Task instructions
So that the copy stays text only, transcribe the data below exactly and exclude the images.

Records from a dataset
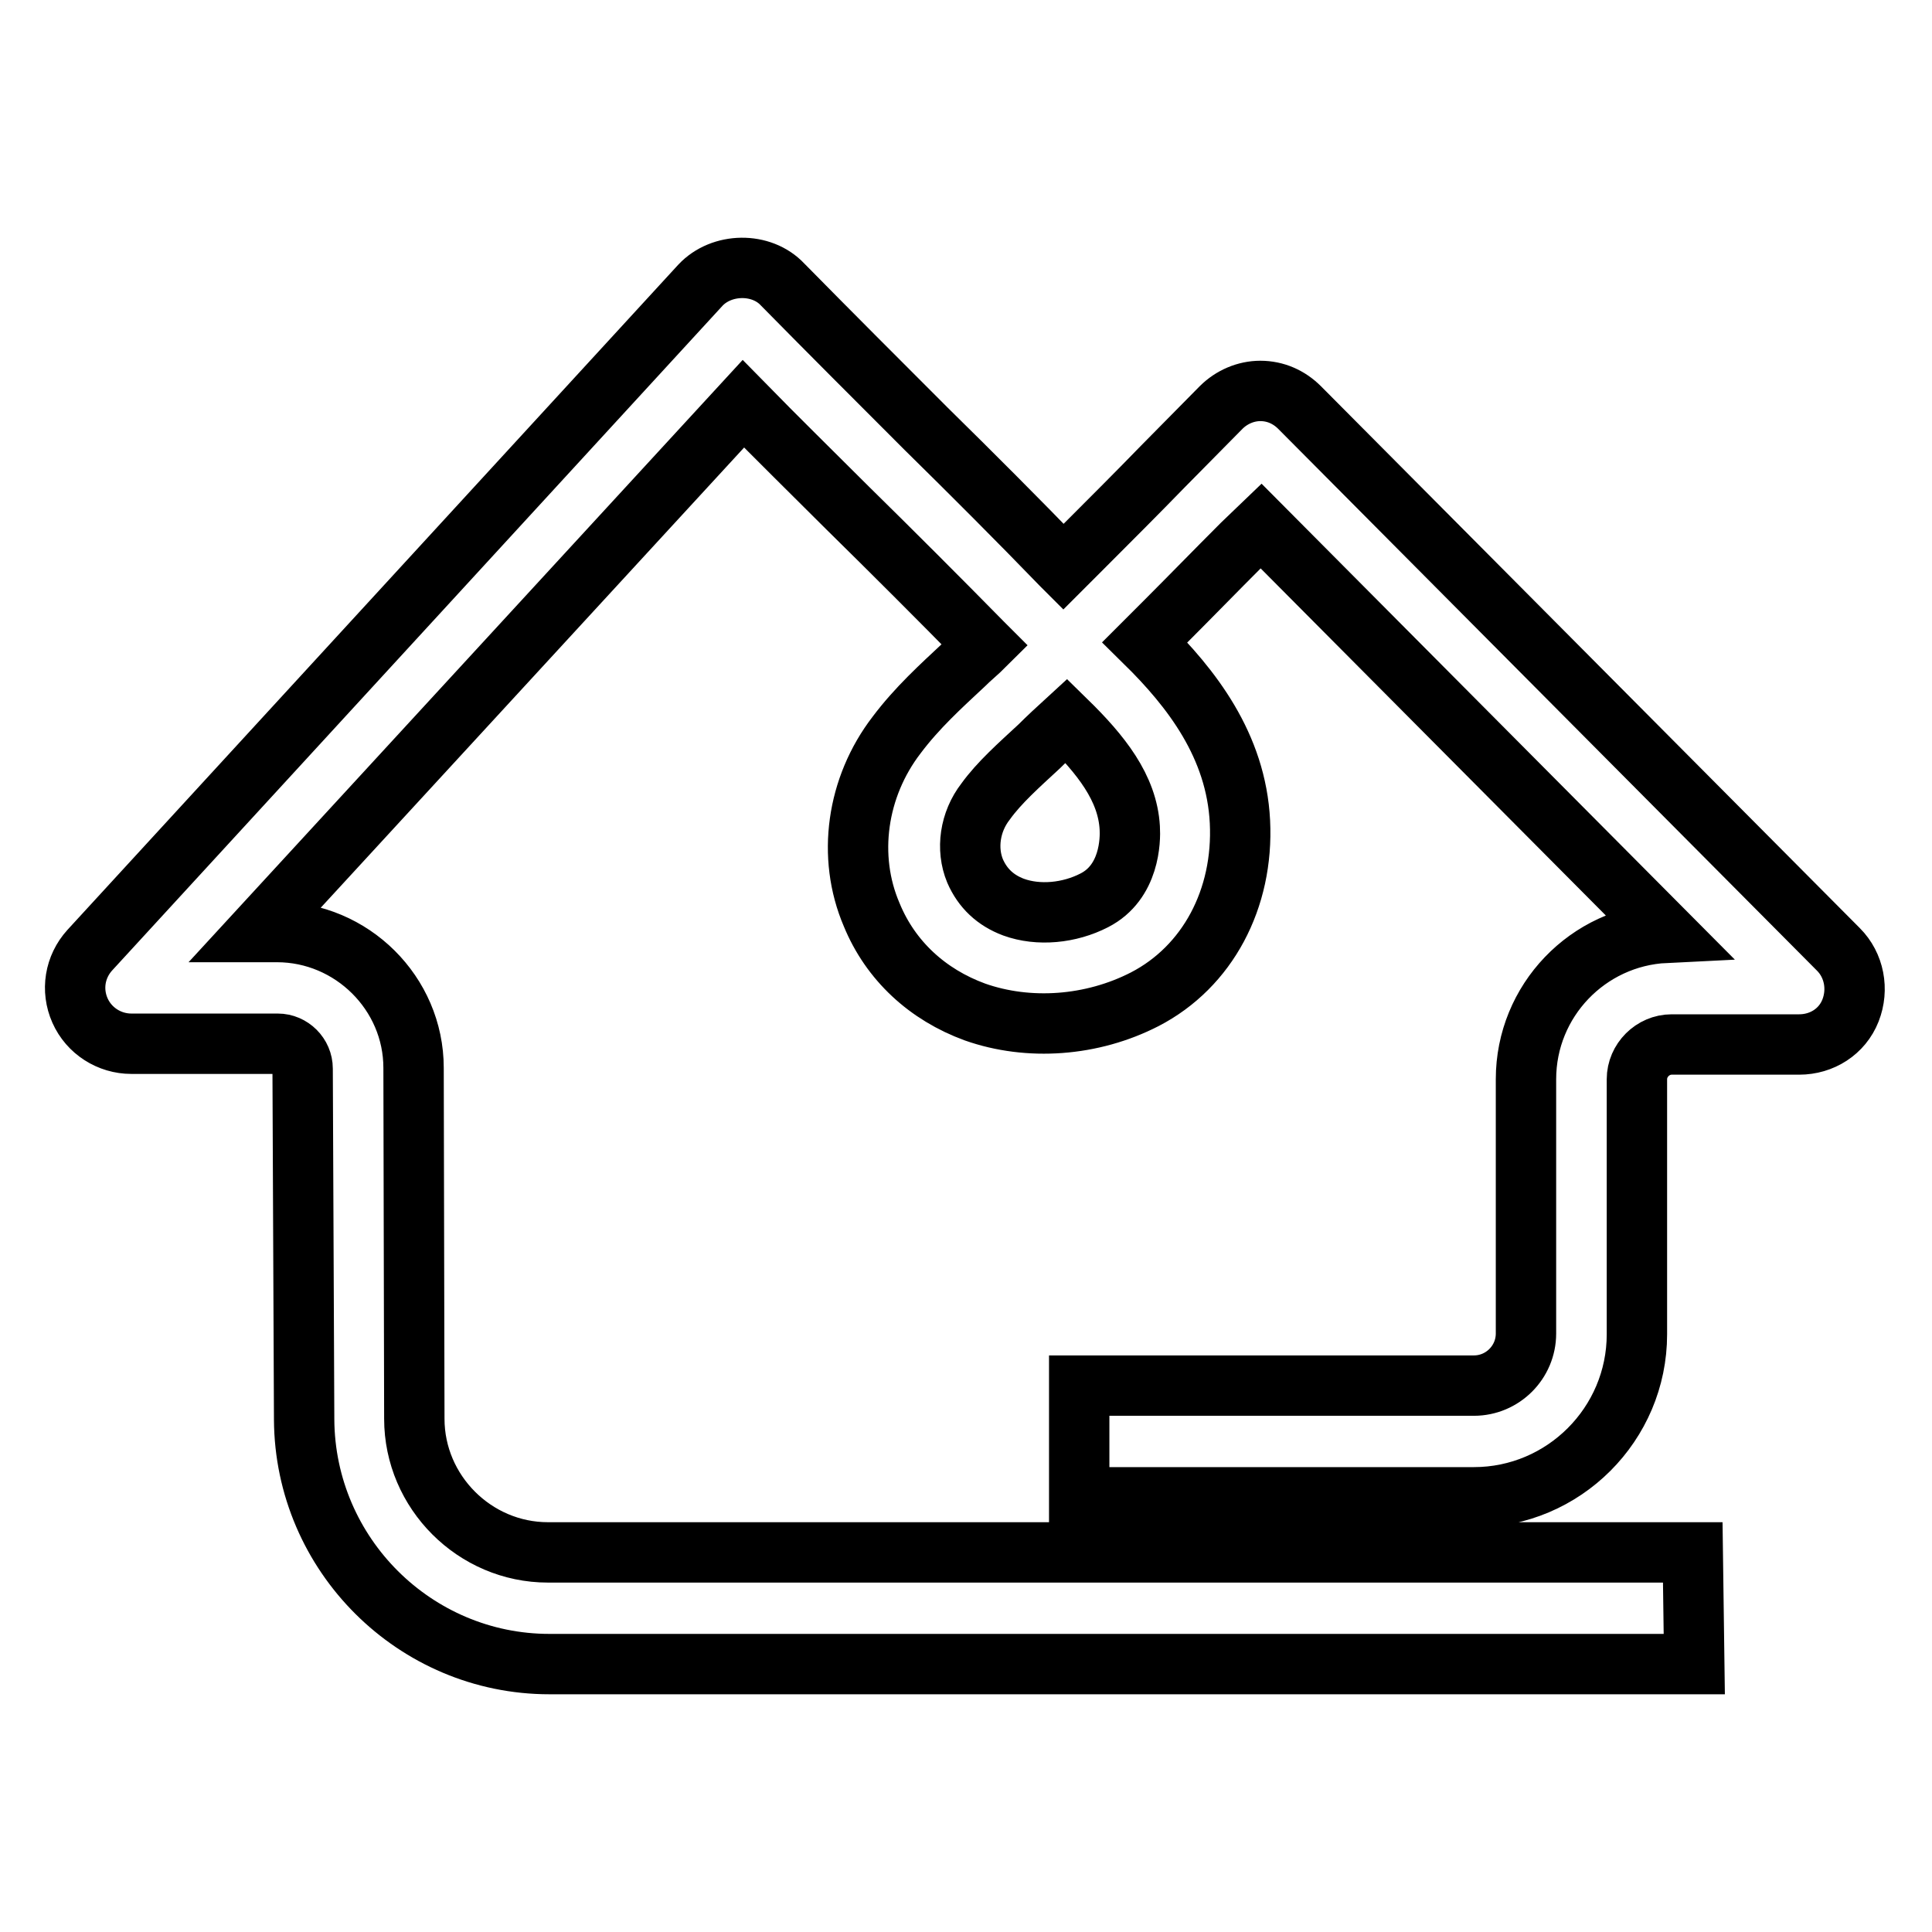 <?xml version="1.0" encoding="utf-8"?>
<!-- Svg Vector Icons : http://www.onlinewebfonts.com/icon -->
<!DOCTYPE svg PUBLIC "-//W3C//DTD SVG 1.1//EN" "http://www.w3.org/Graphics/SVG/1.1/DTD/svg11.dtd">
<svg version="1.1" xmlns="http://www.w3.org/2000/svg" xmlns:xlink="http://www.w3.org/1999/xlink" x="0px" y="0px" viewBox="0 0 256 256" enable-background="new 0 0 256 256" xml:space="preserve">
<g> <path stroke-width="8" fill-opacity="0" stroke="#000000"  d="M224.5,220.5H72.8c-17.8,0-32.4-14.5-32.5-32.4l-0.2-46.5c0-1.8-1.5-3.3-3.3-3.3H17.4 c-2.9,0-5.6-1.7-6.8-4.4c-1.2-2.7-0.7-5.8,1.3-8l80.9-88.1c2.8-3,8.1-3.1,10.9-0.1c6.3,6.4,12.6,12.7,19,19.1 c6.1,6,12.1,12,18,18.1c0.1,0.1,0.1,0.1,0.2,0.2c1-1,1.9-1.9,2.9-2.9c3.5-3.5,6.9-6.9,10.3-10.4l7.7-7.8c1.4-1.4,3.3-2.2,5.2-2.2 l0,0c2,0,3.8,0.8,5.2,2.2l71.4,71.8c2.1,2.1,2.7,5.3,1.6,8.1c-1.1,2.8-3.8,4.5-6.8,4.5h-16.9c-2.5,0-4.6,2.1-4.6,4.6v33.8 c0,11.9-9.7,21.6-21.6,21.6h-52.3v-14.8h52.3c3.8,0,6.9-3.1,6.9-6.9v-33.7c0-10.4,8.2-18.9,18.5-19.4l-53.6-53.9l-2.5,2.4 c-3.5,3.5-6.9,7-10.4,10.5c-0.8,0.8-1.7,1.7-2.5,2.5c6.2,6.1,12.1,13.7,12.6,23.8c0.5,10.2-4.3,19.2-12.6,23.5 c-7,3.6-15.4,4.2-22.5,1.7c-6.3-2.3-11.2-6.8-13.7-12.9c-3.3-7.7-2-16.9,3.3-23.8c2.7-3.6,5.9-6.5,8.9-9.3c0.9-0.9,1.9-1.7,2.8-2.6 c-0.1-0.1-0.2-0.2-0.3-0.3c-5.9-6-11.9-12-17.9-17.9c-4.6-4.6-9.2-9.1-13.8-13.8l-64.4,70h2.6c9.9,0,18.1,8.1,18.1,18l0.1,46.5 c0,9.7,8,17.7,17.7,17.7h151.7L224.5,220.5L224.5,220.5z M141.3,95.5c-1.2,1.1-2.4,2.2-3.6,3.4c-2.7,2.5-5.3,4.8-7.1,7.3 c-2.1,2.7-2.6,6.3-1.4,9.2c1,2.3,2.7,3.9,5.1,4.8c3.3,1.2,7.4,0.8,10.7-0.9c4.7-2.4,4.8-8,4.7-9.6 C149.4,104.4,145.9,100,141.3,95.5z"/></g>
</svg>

Exercise solution
 <?xml version="1.0" encoding="utf-8"?>
<!-- Svg Vector Icons : http://www.onlinewebfonts.com/icon -->
<!DOCTYPE svg PUBLIC "-//W3C//DTD SVG 1.1//EN" "http://www.w3.org/Graphics/SVG/1.1/DTD/svg11.dtd">
<svg version="1.1" xmlns="http://www.w3.org/2000/svg" xmlns:xlink="http://www.w3.org/1999/xlink" x="0px" y="0px" viewBox="0 0 256 256" enable-background="new 0 0 256 256" xml:space="preserve">
<g> <path stroke-width="8" fill-opacity="0" stroke="#000000"  d="M224.5,220.5H72.8c-17.8,0-32.4-14.5-32.5-32.4l-0.2-46.5c0-1.8-1.5-3.3-3.3-3.3H17.4 c-2.9,0-5.6-1.7-6.8-4.4c-1.2-2.7-0.7-5.8,1.3-8l80.9-88.1c2.8-3,8.1-3.1,10.9-0.1c6.3,6.4,12.6,12.7,19,19.1 c6.1,6,12.1,12,18,18.1c0.1,0.1,0.1,0.1,0.2,0.2c1-1,1.9-1.9,2.9-2.9c3.5-3.5,6.9-6.9,10.3-10.4l7.7-7.8c1.4-1.4,3.3-2.2,5.2-2.2 l0,0c2,0,3.8,0.8,5.2,2.2l71.4,71.8c2.1,2.1,2.7,5.3,1.6,8.1c-1.1,2.8-3.8,4.5-6.8,4.5h-16.9c-2.5,0-4.6,2.1-4.6,4.6v33.8 c0,11.9-9.7,21.6-21.6,21.6h-52.3v-14.8h52.3c3.8,0,6.9-3.1,6.9-6.9v-33.7c0-10.4,8.2-18.9,18.5-19.4l-53.6-53.9l-2.5,2.4 c-3.5,3.5-6.9,7-10.4,10.5c-0.8,0.8-1.7,1.7-2.5,2.5c6.2,6.1,12.1,13.7,12.6,23.8c0.5,10.2-4.3,19.2-12.6,23.5 c-7,3.6-15.4,4.2-22.5,1.7c-6.3-2.3-11.2-6.8-13.7-12.9c-3.3-7.7-2-16.9,3.3-23.8c2.7-3.6,5.9-6.5,8.9-9.3c0.9-0.9,1.9-1.7,2.8-2.6 c-0.1-0.1-0.2-0.2-0.3-0.3c-5.9-6-11.9-12-17.9-17.9c-4.6-4.6-9.2-9.1-13.8-13.8l-64.4,70h2.6c9.9,0,18.1,8.1,18.1,18l0.1,46.5 c0,9.7,8,17.7,17.7,17.7h151.7L224.5,220.5L224.5,220.5z M141.3,95.5c-1.2,1.1-2.4,2.2-3.6,3.4c-2.7,2.5-5.3,4.8-7.1,7.3 c-2.1,2.7-2.6,6.3-1.4,9.2c1,2.3,2.7,3.9,5.1,4.8c3.3,1.2,7.4,0.8,10.7-0.9c4.7-2.4,4.8-8,4.7-9.6 C149.4,104.4,145.9,100,141.3,95.5z"/></g>
</svg>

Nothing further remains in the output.